The mixture model approach to clustering [12] assumes that data are from a mixture of a number K of clusters in some proportions. The density function of a sample s writes as:

$$\begin{aligned} f(s|\pmb {\theta }_K)= \sum \limits _{k=1}^{K} \alpha _k f_k({s|\theta _k}) \end{aligned}$$

where \(f_k({s|\theta _k})\) is the density function of the component k, \(\alpha _k\) is the probability that a sample belongs to class k: \(\alpha _k = P(Z=k)\), \(\theta _k\) is the model parameter value for the class k, and \(\pmb {\theta }_K\) is the is parameter set \(\pmb {\theta }_K= \{\theta _k,\alpha _k\}_{k=1..K}\).

The maximum likelihood approach to the mixture problem given a data set and a number of clusters consists of determining the parameters that maximizes the log-likelihood:

$$\begin{aligned} L_\mathcal {X}(\pmb {\theta }_K) = \sum \limits _{n=1}^{N}\log f(s_n|{\pmb {\theta }_K}) \end{aligned}$$

in which \(\mathcal {X}\) is the data set, K is the number of clusters and \(\pmb {\theta }_K\) is the parameter set to be determined.

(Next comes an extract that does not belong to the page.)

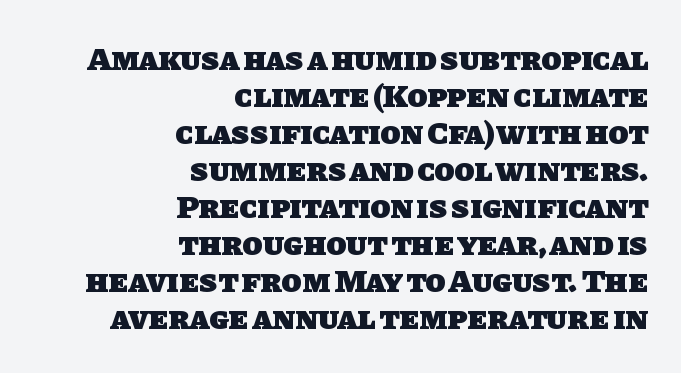
{"serif": "no", "bold": "yes", "weight": "heavy", "width": "normal", "stroke_contrast": "low", "x_height": "large", "monospaced": "no", "underline": "no", "align": "right", "line_spacing": "tight", "line_spacing_ratio": 1.12, "letter_spacing": "normal", "letter_spacing_em": 0.0, "glyph_px": 33}

Due to the constraint given by the side-information, and the independence of points within a group, we get

$$\begin{aligned} f(s_n|\pmb {\theta }_K)=\sum \limits _{k=1}^{K} \alpha _k f_k(s_n|{\theta }_k)= \sum \limits _{k=1}^K \alpha _k \prod \limits _{i=1}^{|s_n|} f_k({x_i^n|\theta _k}). \end{aligned}$$
(5)

Then

$$\begin{aligned} L_\mathcal {X}(\pmb {\theta }_K) =&\sum \limits _{n=1}^{N}\log \left( \sum \limits _{k=1}^{K} \alpha _k \prod \limits _{i=1}^{|s_n|}f_k(x_i^n|{\theta }_k) \right) . \end{aligned}$$
(6)

This expression can be compared to the log-likelihood for the same observation set with the removal of the side-information

$$\begin{aligned} L_\mathcal {X'}(\pmb {\theta '}_K) =&\sum \limits _{n=1}^{N}\sum \limits _{i=1}^{|s_n|}\log f(x_i^n|{\pmb {\theta '}_K}) \nonumber \\ =&\sum \limits _{n=1}^{N}\sum \limits _{i=1}^{|s_n|} \log \left( \sum \limits _{k=1}^{K} \alpha '_k f_k(x_i^n|{\theta }_k') \right) \end{aligned}$$
(7)

in which \(\mathcal {X'}\) is the data set and \(\pmb {\theta '}_K =\{\theta '_k,\alpha '_k\}_{k=1..K}\) is the parameter set.

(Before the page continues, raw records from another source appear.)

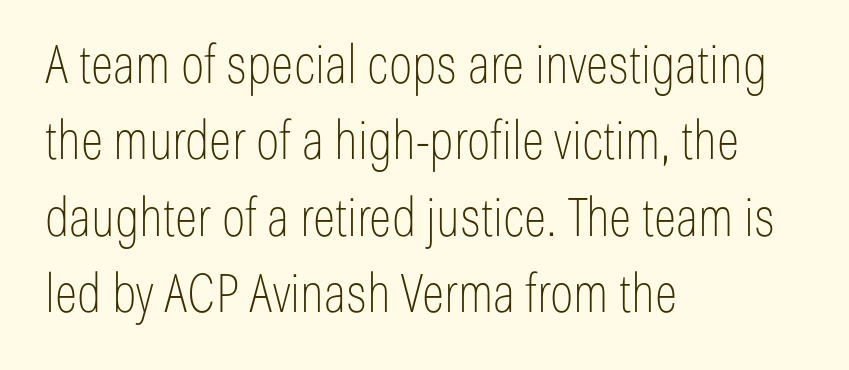
Q: Is the text bold? A: No.
Q: Is the text italic (slanted)? A: No, it is upright.
Q: Is the typeface a serif or a sans-serif typeface? A: Sans-serif.
Q: Is the text underlined? A: No.
Q: How is the paragraph aligned? A: Left-aligned.
Q: Is the spacing between letters normal or unusually wide? A: Normal.
Q: Is the spacing between lines tight, normal or loose? A: Normal.
Q: Width (condensed, normal, or wide)? A: Condensed.
Q: Stroke contrast? A: Low.
Q: x-height? A: Medium.
Q: Monospaced? A: No.

A common approach for optimizing the parameters of a mixture model is the expectation-maximization (EM) algorithm [3]. This is an iterative method that produces a set of parameters that locally maximizes the log-likelihood of a given sample, starting from an arbitrary set of parameters.

A modified EM algorithm has been proposed in [9]. Its aim is to take into consideration the side-information, as in [14], and to get a hard partition, as in [4]. It repeats an estimation step (E step), a classification step, and a maximization step (M step). The algorithm is the following one.

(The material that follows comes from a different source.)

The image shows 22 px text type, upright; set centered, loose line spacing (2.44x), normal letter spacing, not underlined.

  • Initialize the parameter set \(\pmb {\theta }_K^{(0)}\)

  • Repeat from \(m=1\) until convergence

    • E step: compute the posteriori probability \(c_{nk}^{(m)}\) that the \(n^{th}\) group originates from the \(k^{th}\) cluster according to

      $$\begin{aligned} c_{nk}^{(m)}= & {} p(Z_n=k|s_n,\pmb {\theta }_K^{(m-1)}) = \frac{ \alpha _{k}^{(m-1)} \prod _{i=1}^{|s_n|} f_{k}( x_i^n| {\theta }_k^{(m-1)})}{\sum _{r=1}^{K} \alpha _{r}^{(m-1)} \prod _{i=1}^{|s_n|} f_{r}(x_i^n| {\theta }_r^{(m-1)})} \end{aligned}$$
      (8)
    • determine the cluster label set \(\mathbf {Z}^{(m)}\): choose \(z_n^{(m)}=k\) corresponding to the largest value \(c_{nk}^{(m)}\)

    • M step: determine the parameters \( {\theta }_k^{(m)}\) that maximizes the log-likelihood for each class k and compute the new value of \(\alpha _k^{(m)}\) for each k.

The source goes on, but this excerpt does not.